MIanowcie o tym ze Sylwia zaczela brac narkotyki...
Zostala ćpunką.
Matka wyzdrowiala i tak sie pobila z Janem ze...
Wyniosl sie z domu...Potem tez wyszlo na jaw ze Jan mial kochanke i to do niej sie udal.
Annie zrobilo sie zal taj biednej kobiety ktora teraz bedzie bita przezniego.
Ale w koncu z corka mialy spokoj.
W simmiescie zapanowala zaraza.
Anna nie bylaotporna i rowniez zachorowala.

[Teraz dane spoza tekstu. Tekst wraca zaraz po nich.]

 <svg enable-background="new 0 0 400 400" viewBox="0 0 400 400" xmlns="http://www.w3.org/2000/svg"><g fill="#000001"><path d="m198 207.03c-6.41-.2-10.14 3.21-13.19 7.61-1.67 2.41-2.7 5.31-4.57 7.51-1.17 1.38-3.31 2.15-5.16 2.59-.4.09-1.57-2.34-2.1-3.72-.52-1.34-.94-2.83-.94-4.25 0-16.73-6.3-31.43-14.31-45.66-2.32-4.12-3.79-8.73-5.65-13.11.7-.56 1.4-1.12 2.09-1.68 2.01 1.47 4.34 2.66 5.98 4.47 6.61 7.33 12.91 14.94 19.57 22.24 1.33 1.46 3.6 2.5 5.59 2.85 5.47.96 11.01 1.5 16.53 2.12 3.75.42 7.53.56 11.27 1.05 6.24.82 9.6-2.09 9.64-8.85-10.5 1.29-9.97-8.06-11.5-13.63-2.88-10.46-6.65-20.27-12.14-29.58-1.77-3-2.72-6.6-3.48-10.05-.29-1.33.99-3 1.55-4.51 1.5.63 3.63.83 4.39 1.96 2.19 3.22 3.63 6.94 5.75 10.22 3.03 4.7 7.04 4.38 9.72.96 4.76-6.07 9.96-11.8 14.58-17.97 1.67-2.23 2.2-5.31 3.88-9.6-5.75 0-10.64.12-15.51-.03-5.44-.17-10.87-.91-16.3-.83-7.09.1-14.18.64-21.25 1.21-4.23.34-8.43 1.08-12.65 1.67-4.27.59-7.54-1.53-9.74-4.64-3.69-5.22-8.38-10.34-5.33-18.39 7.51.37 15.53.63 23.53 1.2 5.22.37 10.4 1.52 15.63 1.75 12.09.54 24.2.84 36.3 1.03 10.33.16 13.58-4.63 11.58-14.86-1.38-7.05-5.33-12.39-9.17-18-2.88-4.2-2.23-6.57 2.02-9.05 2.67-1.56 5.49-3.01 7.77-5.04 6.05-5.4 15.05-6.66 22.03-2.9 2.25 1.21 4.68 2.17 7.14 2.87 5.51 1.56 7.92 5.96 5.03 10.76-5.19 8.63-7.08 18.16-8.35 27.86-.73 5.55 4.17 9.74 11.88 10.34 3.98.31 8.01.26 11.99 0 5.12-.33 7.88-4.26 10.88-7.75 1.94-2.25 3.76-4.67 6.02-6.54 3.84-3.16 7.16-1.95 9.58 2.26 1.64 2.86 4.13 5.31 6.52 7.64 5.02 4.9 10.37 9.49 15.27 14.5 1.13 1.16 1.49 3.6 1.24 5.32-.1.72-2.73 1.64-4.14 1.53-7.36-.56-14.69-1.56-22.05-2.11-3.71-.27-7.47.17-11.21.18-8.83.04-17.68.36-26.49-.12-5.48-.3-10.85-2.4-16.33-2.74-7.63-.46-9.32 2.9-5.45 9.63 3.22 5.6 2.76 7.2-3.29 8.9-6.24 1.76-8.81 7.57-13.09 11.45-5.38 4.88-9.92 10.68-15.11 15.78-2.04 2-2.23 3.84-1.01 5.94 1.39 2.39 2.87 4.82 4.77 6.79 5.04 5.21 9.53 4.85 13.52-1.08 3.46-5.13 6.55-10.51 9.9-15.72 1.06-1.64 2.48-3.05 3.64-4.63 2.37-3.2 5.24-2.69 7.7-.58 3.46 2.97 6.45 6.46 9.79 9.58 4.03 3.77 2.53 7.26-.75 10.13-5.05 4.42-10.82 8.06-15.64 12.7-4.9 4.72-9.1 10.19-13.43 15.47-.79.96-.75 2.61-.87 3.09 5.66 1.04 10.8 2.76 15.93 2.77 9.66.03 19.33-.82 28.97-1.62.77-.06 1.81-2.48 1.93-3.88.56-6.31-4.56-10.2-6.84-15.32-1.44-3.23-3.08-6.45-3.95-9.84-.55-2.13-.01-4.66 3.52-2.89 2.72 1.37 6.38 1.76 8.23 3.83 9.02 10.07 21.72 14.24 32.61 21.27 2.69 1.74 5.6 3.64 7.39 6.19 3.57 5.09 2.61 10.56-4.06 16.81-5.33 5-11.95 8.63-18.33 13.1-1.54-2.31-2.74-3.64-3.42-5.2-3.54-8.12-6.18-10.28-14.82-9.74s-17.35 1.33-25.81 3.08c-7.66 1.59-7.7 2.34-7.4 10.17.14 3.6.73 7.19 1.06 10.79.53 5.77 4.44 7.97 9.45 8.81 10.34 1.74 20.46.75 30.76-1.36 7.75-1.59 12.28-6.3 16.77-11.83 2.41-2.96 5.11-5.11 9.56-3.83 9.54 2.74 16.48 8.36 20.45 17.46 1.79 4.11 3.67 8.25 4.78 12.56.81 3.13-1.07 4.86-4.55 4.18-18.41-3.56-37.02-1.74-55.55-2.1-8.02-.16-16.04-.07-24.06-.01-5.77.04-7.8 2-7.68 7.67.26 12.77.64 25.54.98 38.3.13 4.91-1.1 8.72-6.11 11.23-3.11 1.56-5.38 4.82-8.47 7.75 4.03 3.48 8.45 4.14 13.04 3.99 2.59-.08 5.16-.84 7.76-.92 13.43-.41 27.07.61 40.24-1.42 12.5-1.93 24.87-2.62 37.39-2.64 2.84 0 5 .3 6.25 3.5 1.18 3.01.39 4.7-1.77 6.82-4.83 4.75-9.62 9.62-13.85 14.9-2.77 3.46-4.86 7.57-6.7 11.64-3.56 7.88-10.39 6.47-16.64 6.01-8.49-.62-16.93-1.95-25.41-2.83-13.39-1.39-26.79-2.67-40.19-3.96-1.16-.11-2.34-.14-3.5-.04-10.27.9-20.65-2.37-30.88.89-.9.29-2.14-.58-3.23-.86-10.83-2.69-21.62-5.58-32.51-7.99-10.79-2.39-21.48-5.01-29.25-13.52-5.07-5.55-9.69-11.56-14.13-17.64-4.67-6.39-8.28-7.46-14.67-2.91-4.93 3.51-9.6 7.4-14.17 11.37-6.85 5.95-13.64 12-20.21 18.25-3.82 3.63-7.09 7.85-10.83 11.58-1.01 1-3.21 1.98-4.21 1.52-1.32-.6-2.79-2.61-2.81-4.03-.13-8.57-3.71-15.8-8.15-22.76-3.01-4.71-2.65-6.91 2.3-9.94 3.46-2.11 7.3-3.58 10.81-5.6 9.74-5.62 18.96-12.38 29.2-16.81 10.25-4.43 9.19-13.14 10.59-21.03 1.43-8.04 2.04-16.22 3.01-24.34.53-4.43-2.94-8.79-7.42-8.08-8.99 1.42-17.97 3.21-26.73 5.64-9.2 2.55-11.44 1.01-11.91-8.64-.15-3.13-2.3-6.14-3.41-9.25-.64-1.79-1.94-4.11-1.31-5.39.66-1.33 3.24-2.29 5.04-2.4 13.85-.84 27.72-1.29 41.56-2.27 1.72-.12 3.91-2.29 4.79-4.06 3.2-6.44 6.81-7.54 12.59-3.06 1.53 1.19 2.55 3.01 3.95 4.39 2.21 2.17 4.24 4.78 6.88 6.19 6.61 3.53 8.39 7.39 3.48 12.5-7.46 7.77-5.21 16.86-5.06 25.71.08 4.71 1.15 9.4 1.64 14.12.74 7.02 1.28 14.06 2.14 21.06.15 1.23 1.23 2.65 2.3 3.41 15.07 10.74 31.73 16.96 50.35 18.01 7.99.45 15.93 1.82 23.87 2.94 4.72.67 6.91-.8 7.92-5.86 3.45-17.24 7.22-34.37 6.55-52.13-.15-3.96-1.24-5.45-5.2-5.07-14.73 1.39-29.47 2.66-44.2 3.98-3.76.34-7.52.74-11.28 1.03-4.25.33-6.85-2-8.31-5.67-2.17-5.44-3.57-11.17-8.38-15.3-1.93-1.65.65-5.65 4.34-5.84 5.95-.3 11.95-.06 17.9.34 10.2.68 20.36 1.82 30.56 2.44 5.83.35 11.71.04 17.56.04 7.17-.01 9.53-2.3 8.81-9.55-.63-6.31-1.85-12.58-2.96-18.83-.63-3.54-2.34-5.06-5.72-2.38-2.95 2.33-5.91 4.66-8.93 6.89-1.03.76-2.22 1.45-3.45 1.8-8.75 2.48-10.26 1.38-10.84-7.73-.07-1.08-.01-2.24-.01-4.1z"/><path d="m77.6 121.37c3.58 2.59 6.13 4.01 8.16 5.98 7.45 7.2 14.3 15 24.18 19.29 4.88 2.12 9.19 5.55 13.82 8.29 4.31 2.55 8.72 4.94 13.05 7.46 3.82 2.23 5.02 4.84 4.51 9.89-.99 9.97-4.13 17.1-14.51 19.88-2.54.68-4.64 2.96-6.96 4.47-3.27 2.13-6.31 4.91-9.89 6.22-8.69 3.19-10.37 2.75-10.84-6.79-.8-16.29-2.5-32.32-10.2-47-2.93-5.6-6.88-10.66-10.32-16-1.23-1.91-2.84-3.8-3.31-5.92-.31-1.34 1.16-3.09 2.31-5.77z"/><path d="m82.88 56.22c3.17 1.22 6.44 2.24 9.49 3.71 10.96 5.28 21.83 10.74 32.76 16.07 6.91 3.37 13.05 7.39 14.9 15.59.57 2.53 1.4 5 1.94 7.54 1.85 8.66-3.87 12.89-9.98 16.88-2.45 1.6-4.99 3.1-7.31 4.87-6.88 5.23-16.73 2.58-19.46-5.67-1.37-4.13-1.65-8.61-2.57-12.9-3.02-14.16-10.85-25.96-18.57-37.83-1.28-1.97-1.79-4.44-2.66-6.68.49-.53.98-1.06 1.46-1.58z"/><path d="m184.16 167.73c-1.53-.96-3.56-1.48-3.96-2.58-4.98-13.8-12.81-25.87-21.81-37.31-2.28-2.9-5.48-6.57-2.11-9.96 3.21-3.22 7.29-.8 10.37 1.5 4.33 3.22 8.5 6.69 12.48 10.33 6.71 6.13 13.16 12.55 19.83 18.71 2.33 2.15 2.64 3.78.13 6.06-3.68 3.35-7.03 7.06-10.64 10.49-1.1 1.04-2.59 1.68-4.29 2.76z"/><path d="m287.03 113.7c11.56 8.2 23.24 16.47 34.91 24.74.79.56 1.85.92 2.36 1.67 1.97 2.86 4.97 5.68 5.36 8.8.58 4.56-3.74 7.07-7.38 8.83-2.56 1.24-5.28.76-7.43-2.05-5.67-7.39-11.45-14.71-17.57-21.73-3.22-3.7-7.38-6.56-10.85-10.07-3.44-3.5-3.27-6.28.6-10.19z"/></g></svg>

PO tygodniu walczenia z wirusem zmarla...
Sylwai miala 16 lat.
Niemogla sobie z wszystkim poradzic ale w koncu wyrosla na dobra kobiete.
Zostala matematyczka i teraz walczy o prawa kobiet.
Jak wam sie podobalo moje opowiadanko??
Wiem ze troche dlugie,ale jakos nie chcalo mi sie czekac zeby pisac w odcinkach 
Peawie wszystko bylo z simsow.
Jan i Anna Nowak 
Ci z samouczka 
Nie wiem czy dobrze podalam aleje..Aleja simow 6...to chyba nie to ale nie liczy sie prawdomownosc tylko jakosc hehehe :lol: :lol:
Bardzo prosze o komenta do mojego opowiadanka obsszernego.